Example user stories:

  • “As an AionUi user who types slowly, I want to speak my prompts so I can interact with the AI faster.”
  • “As a user with wrist pain, I want to use voice input for most of my prompts so I can reduce typing strain.”
  • “As a power user, I want a keyboard shortcut to start and stop voice input so I can dictate prompts without needing to use the mouse.”

Priority:

  • Proposed priority: Medium
  • Rationale:- Significant accessibility benefits.
  • Reduces friction for long or complex prompts.
  • Aligns AionUi with common expectations for modern AI desktop applications that support multiple input modes, including voice.

simonduz avatar Nov 21 '25 13:11 simonduz

🤖 Hi @simonduz, I've received your request, and I'm working on it now! You can track my progress in the logs for more details.

aionui[bot] avatar Nov 21 '25 13:11 aionui[bot]

🤖 I'm sorry @simonduz, but I was unable to process your request.

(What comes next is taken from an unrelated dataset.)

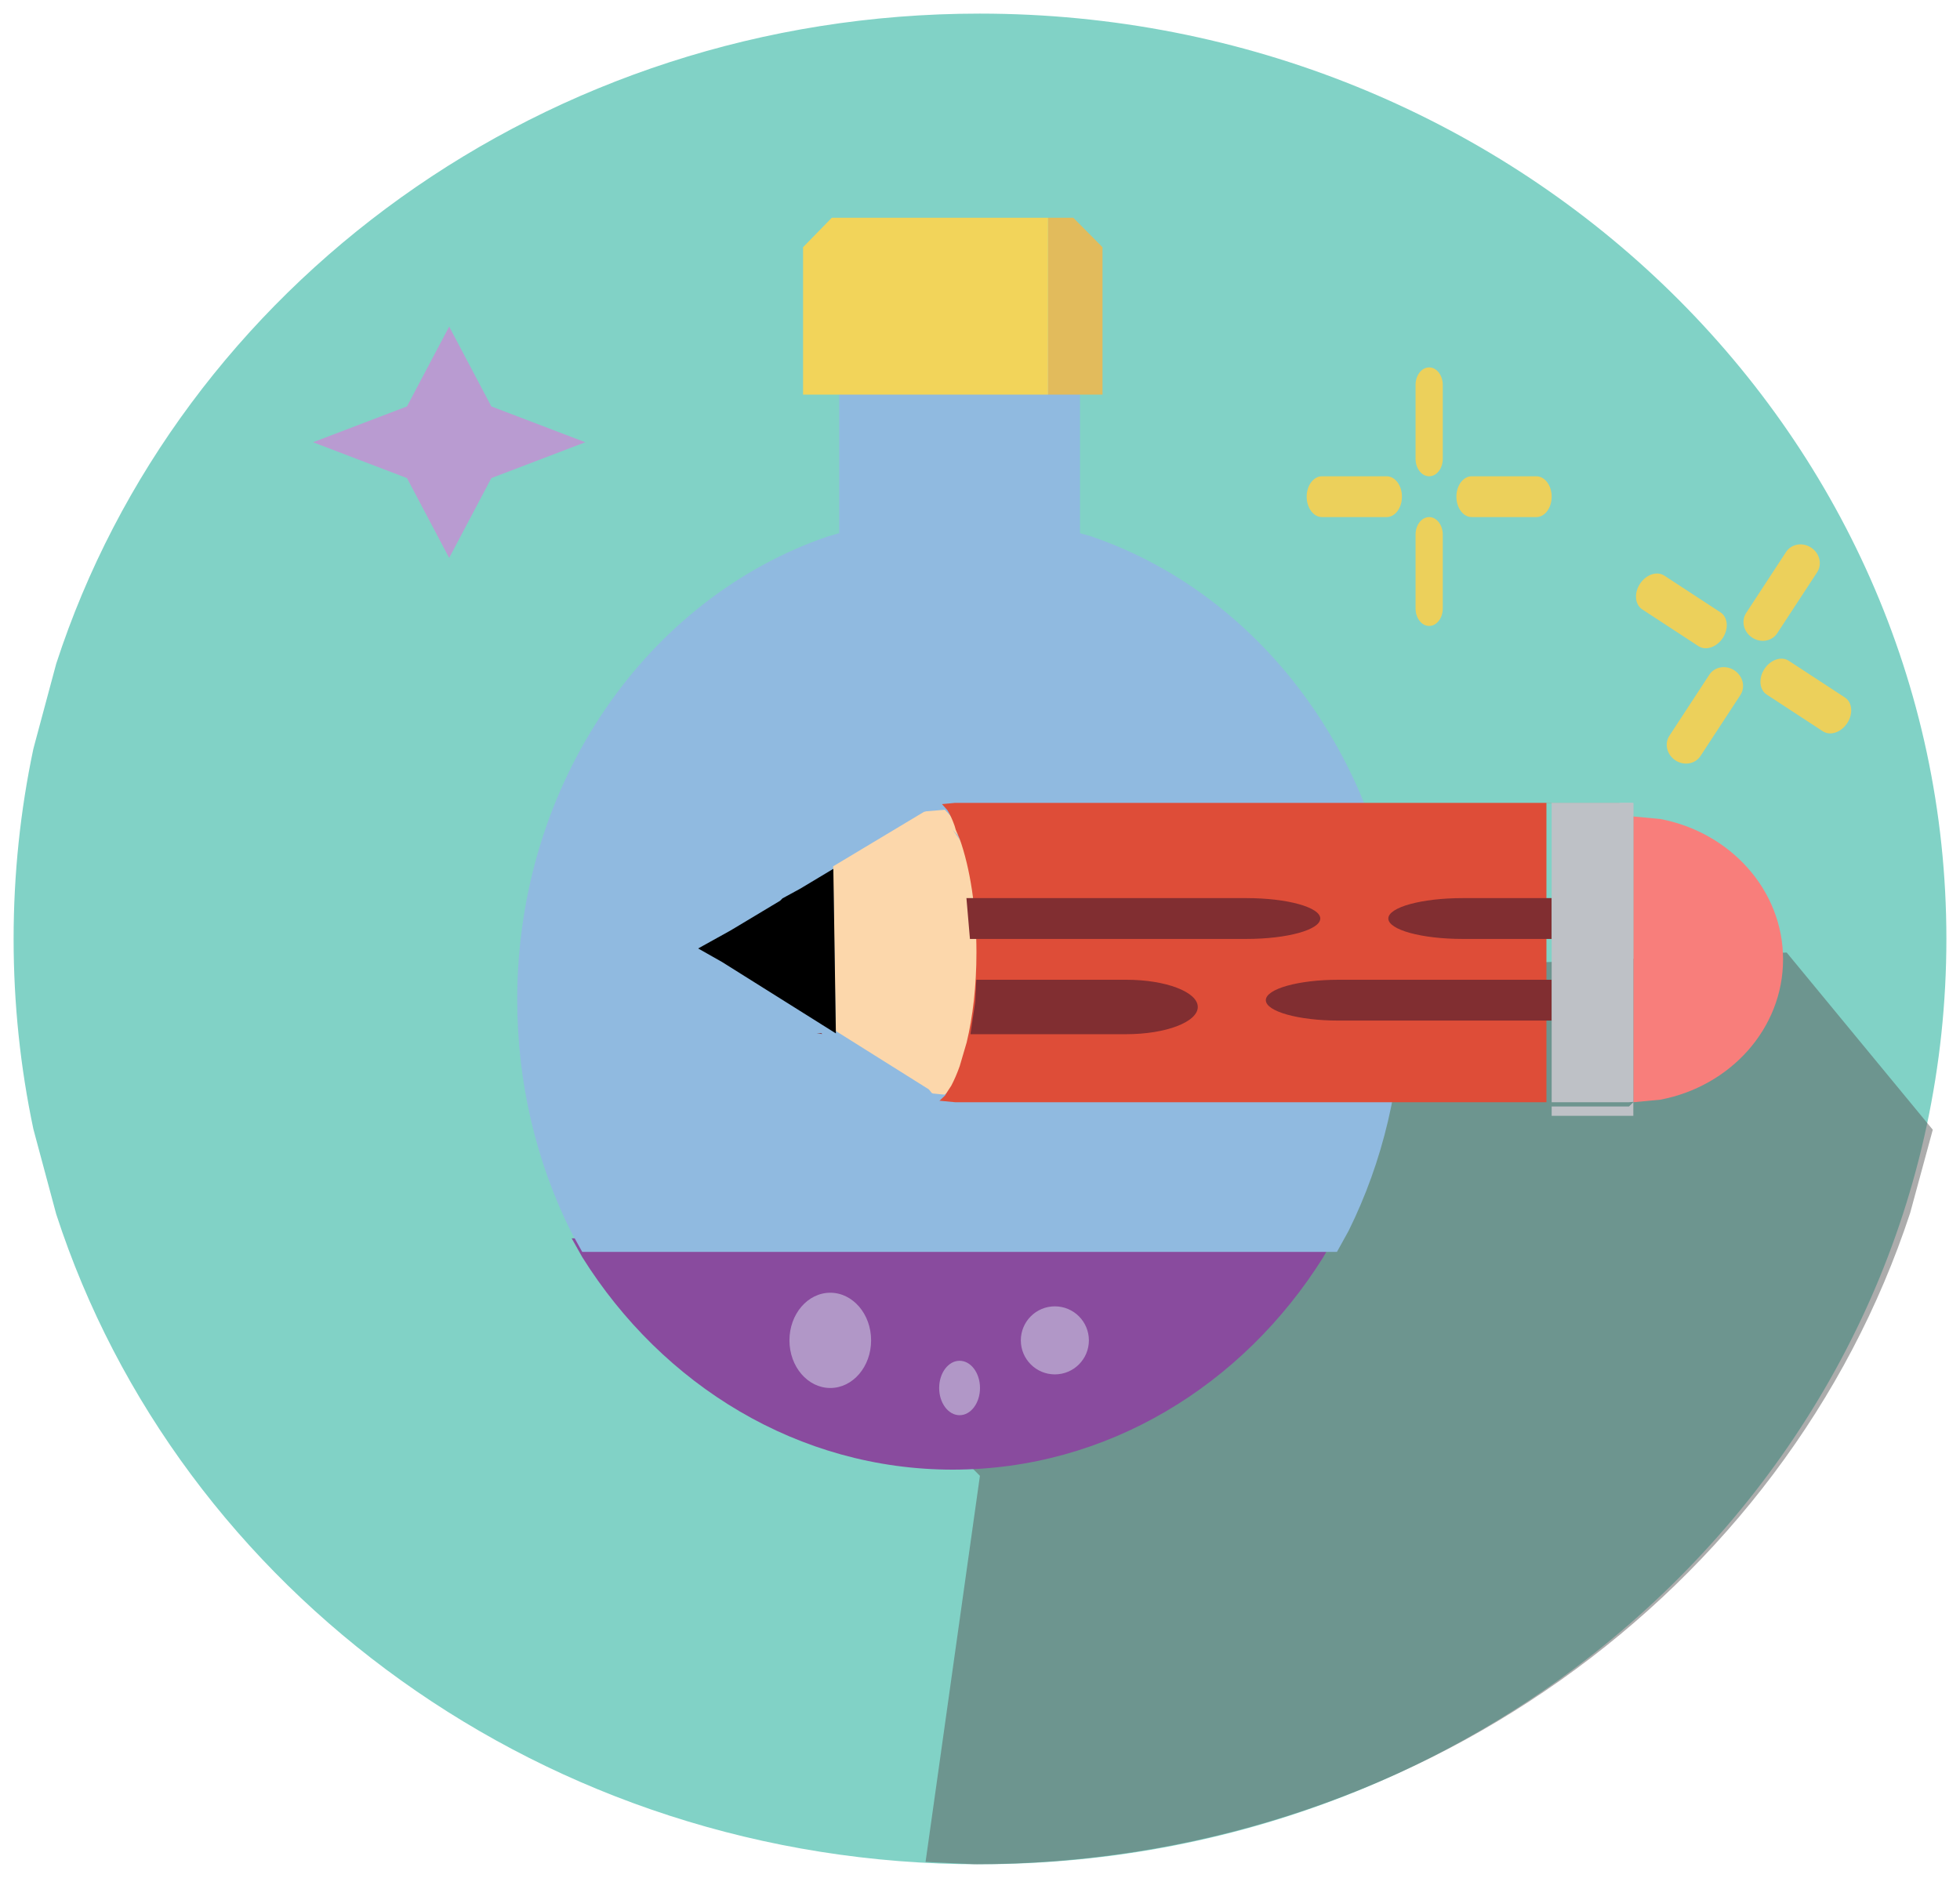 <svg width="144" height="138" xmlns="http://www.w3.org/2000/svg" xmlns:xlink="http://www.w3.org/1999/xlink" overflow="hidden"><defs><clipPath id="clip0"><path d="M531 170 675 170 675 308 531 308Z" fill-rule="evenodd" clip-rule="evenodd"/></clipPath></defs><g clip-path="url(#clip0)" transform="translate(-531 -170)"><path d="M602.968 171C642.198 171 674 201.445 674 239 674 276.555 642.198 307 602.968 307 571.094 307 544.123 286.902 535.129 259.221L533.562 253.385 533.45 252.961C532.499 248.452 532 243.782 532 239 532 234.218 532.499 229.548 533.45 225.039L533.563 224.611 535.129 218.779C544.123 191.098 571.094 171 602.968 171Z" fill="#81D2C6" fill-rule="evenodd"/><path d="M662.267 240 673 253.021 671.337 259.141C662.224 286.868 634.893 307 602.594 307L599 306.828 602.994 278.454 602.437 277.895 627.301 241.393Z" fill="#595959" fill-rule="evenodd" fill-opacity="0.498"/><path d="M573 261 629 261 628.218 262.389C622.319 271.807 612.33 278 601 278 589.67 278 579.681 271.807 573.782 262.389L573 261Z" fill="#894B9E" fill-rule="evenodd"/><path d="M592.653 195 610.347 195 610.347 209.184 611.165 209.415C624.394 213.929 634 227.466 634 243.465 634 249.618 632.579 255.407 630.077 260.459L629.224 262 573.776 262 572.923 260.459C570.421 255.407 569 249.618 569 243.465 569 227.466 578.606 213.929 591.836 209.415L592.653 209.184 592.653 195Z" fill="#90BAE0" fill-rule="evenodd"/><path d="M608 186 609.851 186 612 188.167 612 199 608 199 608 186Z" fill="#E2BB5C" fill-rule="evenodd"/><path d="M592.114 186 608 186 608 199 590 199 590 188.167 592.114 186Z" fill="#F2D45A" fill-rule="evenodd"/><path d="M589 268.5C589 266.567 590.343 265 592 265 593.657 265 595 266.567 595 268.5 595 270.433 593.657 272 592 272 590.343 272 589 270.433 589 268.5Z" fill="#B197C7" fill-rule="evenodd"/><path d="M600 272C600 270.895 600.672 270 601.5 270 602.328 270 603 270.895 603 272 603 273.105 602.328 274 601.5 274 600.672 274 600 273.105 600 272Z" fill="#B197C7" fill-rule="evenodd"/><path d="M606 268.5C606 267.119 607.119 266 608.5 266 609.881 266 611 267.119 611 268.5 611 269.881 609.881 271 608.5 271 607.119 271 606 269.881 606 268.5Z" fill="#B197C7" fill-rule="evenodd"/><path d="M554 202.5 560.901 199.866 564 194 567.099 199.866 574 202.5 567.099 205.134 564 211 560.901 205.134Z" fill="#B99BD1" fill-rule="evenodd"/><path d="M635 214.713 635 209.287C635 208.576 635.448 208 636 208 636.552 208 637 208.576 637 209.287L637 214.713C637 215.424 636.552 216 636 216 635.448 216 635 215.424 635 214.713Z" fill="#ECD05B" fill-rule="evenodd"/><path d="M635 203.713 635 198.287C635 197.576 635.448 197 636 197 636.552 197 637 197.576 637 198.287L637 203.713C637 204.424 636.552 205 636 205 635.448 205 635 204.424 635 203.713Z" fill="#ECD05B" fill-rule="evenodd"/><path d="M639.126 205 643.874 205C644.496 205 645 205.672 645 206.5 645 207.328 644.496 208 643.874 208L639.126 208C638.504 208 638 207.328 638 206.5 638 205.672 638.504 205 639.126 205Z" fill="#ECD05B" fill-rule="evenodd"/><path d="M628.126 205 632.874 205C633.496 205 634 205.672 634 206.5 634 207.328 633.496 208 632.874 208L628.126 208C627.504 208 627 207.328 627 206.5 627 205.672 627.504 205 628.126 205Z" fill="#ECD05B" fill-rule="evenodd"/><path d="M653.65 224.068 656.585 219.58C656.969 218.992 657.792 218.85 658.422 219.262 659.052 219.674 659.251 220.485 658.867 221.073L655.931 225.561C655.547 226.148 654.724 226.291 654.094 225.879 653.464 225.467 653.265 224.656 653.65 224.068Z" fill="#ECD05B" fill-rule="evenodd"/><path d="M659.288 215.047 662.224 210.559C662.608 209.971 663.431 209.829 664.061 210.241 664.691 210.653 664.89 211.464 664.505 212.052L661.57 216.539C661.185 217.127 660.363 217.27 659.733 216.858 659.103 216.446 658.904 215.635 659.288 215.047Z" fill="#ECD05B" fill-rule="evenodd"/><path d="M662.421 218.56 666.547 221.259C667.088 221.613 667.163 222.455 666.715 223.14 666.267 223.825 665.465 224.094 664.925 223.741L660.798 221.042C660.257 220.688 660.182 219.846 660.631 219.161 661.079 218.475 661.88 218.207 662.421 218.56Z" fill="#ECD05B" fill-rule="evenodd"/><path d="M653.278 212.302 657.405 215.001C657.945 215.355 658.02 216.197 657.572 216.882 657.124 217.567 656.322 217.836 655.782 217.483L651.655 214.784C651.115 214.43 651.04 213.588 651.488 212.903 651.936 212.217 652.738 211.949 653.278 212.302Z" fill="#ECD05B" fill-rule="evenodd"/><path d="M600.418 229.507 600.839 229.957C601.025 230.245 601.202 230.61 601.367 231.043L601.458 231.333 601.646 231.935 601.721 231.905 601.754 231.977C602.538 234.035 603.035 236.874 603.059 240.006 603.077 242.355 602.826 244.535 602.381 246.341L602.014 247.555 601.875 248.015C601.687 248.526 601.48 248.989 601.257 249.394L600.985 249.791 600.985 249.791 600.805 250.073 600.768 250.107 600.416 250.427 600.367 250.441 599.545 250.359 599.461 250.325 599.238 250.053 594.616 247.152 594.616 247.152 592.397 245.759 592.209 233.664 594.504 232.288 594.504 232.288 598.872 229.668 599.043 229.622 600.418 229.507Z" fill="#FCD7AB" fill-rule="evenodd"/><path d="M591.812 234.121C591.188 234.959 590.696 235.885 590.362 236.875L590.036 238.19 590.362 236.875C590.696 235.885 591.188 234.959 591.812 234.121Z" fill="#FCD7AB" fill-rule="evenodd"/><path d="M589.943 238.427 589.943 238.427 589.88 239.249 589.943 238.427Z" fill="#FCD7AB" fill-rule="evenodd"/><path d="M582.404 239.744 582.315 239.798 582.311 239.796 582.404 239.744Z" fill="#FCD7AB" fill-rule="evenodd"/><path d="M589.801 240.081 589.801 240.081 590.055 242.212 590.055 242.212ZM589.924 238.472 589.861 239.294 589.924 238.472ZM591.753 234.189C591.129 235.027 590.637 235.953 590.303 236.943L589.977 238.258 590.303 236.943C590.637 235.953 591.129 235.027 591.753 234.189ZM592.225 233.848 592.412 245.943 591.434 245.329 584.045 240.692 582.297 239.702 582.386 239.648 584.647 238.393 588.308 236.198 588.489 236.018 589.794 235.306 591.87 234.061 591.87 234.061Z" fill-rule="evenodd"/><path d="M601 231 602 231.949 601.711 232 601 231Z" fill="#BEC1C6" fill-rule="evenodd"/><path d="M601.175 229 649.899 229 650 229.01 644.615 229.01 644.615 251 601.175 251 600 250.887 600.048 250.872 600.399 250.536 600.435 250.501 600.615 250.206 600.615 250.205 600.887 249.79C601.111 249.366 601.319 248.883 601.509 248.348L601.65 247.869 602.022 246.601C602.474 244.717 602.739 242.446 602.739 240 602.739 236.74 602.269 233.789 601.509 231.652L601.477 231.578 601.403 231.61 601.221 230.985 601.133 230.683C600.974 230.234 600.802 229.855 600.62 229.557L600.207 229.093 601.175 229ZM601.221 230.985 601.403 231.61 601.477 231.578 601.221 230.985Z" fill="#DE4D38" fill-rule="evenodd"/><path d="M651 230 652.987 230.187C658.13 231.168 662 235.413 662 240.5 662 245.587 658.13 249.832 652.987 250.813L651 251 651 230Z" fill="#F87E7B" fill-rule="evenodd"/><path d="M651 251 651 252 645 252 645 251.312 650.683 251.312 651 251Z" fill="#BEC1C6" fill-rule="evenodd"/><path d="M602 236 622.574 236C625.571 236 628 236.672 628 237.5 628 238.328 625.571 239 622.574 239L602.261 239 602.006 236.026Z" fill="#812E31" fill-rule="evenodd"/><path d="M650 229 651 229 651 230 650 229Z" fill="#BEC1C6" fill-rule="evenodd"/><path d="M591.341 245.927 591.417 245.985 591 245.953ZM602.726 242 613.748 242C616.648 242 619 242.895 619 244 619 245.105 616.648 246 613.748 246L602.297 246 602.651 243.607Z" fill="#812E31" fill-rule="evenodd"/><path d="M629.343 242 645 242 645 245 629.343 245C626.393 245 624 244.328 624 243.5 624 242.672 626.393 242 629.343 242Z" fill="#812E31" fill-rule="evenodd"/><path d="M638.457 236 645 236 645 239 638.457 239C635.443 239 633 238.328 633 237.5 633 236.672 635.443 236 638.457 236Z" fill="#812E31" fill-rule="evenodd"/><path d="M645 229 650.792 229 651 229.019 651 250.972 650.683 251 645 251 645 229Z" fill="#BEC1C6" fill-rule="evenodd"/></g></svg>

Please see the logs for more details.

aionui[bot] avatar Nov 21 '25 13:11 aionui[bot]

Feature Description

Voice Prompt Input via Microphone for AionUi通过麦克风为 AionUi 输入语音提示

Summary:  概括: Add native support in AionUi to enter prompts via voice using the system microphone, alongside the existing keyboard-based input.在 AionUi 中添加原生支持,允许使用系统麦克风通过语音输入提示,与现有的键盘输入方式并行。

Key behavior:  关键行为: AionUi provides a microphone button in or near the prompt input field, plus a keyboard shortcut (e.g., Ctrl+Shift+M / Cmd+Shift+M).AionUi 在提示输入字段内或附近提供了一个麦克风按钮,以及一个键盘快捷键(例如,Ctrl+Shift+M / Cmd+Shift+M)。 When activated, AionUi listens to the user’s microphone, clearly indicating that it is recording.激活后,AionUi 会监听用户的麦克风,清楚地表明它正在录音。 When the user stops recording, AionUi transcribes the audio to text using a selectable speech-to-text (STT) option:- Local STT engine (on-device), or当用户停止录音时,AionUi 会使用可选择的语音转文本 (STT) 选项将音频转录为文本:- 本地 STT 引擎(设备上),或 Cloud STT service (remote API).云端 STT 服务(远程 API)。

  • The transcribed text is placed in the prompt input field.转录的文本将放置在提示输入字段中。
  • The user can edit the text and then submit it as a normal prompt.用户可以编辑文本,然后像普通提示一样提交。

Platforms:  平台:

  • Linux
  • macOS
  • Windows  视窗

Core UX requirements:  核心用户体验要求:

Microphone icon and clear states:- Idle (ready to record).麦克风图标和清晰状态:- 空闲(准备录音)。

  • Listening (actively recording).正在监听(主动录音)。
  • Transcribing (processing audio).转录(音频处理)。

Keyboard accessibility:- Focusable microphone button.键盘辅助功能:- 可聚焦的麦克风按钮。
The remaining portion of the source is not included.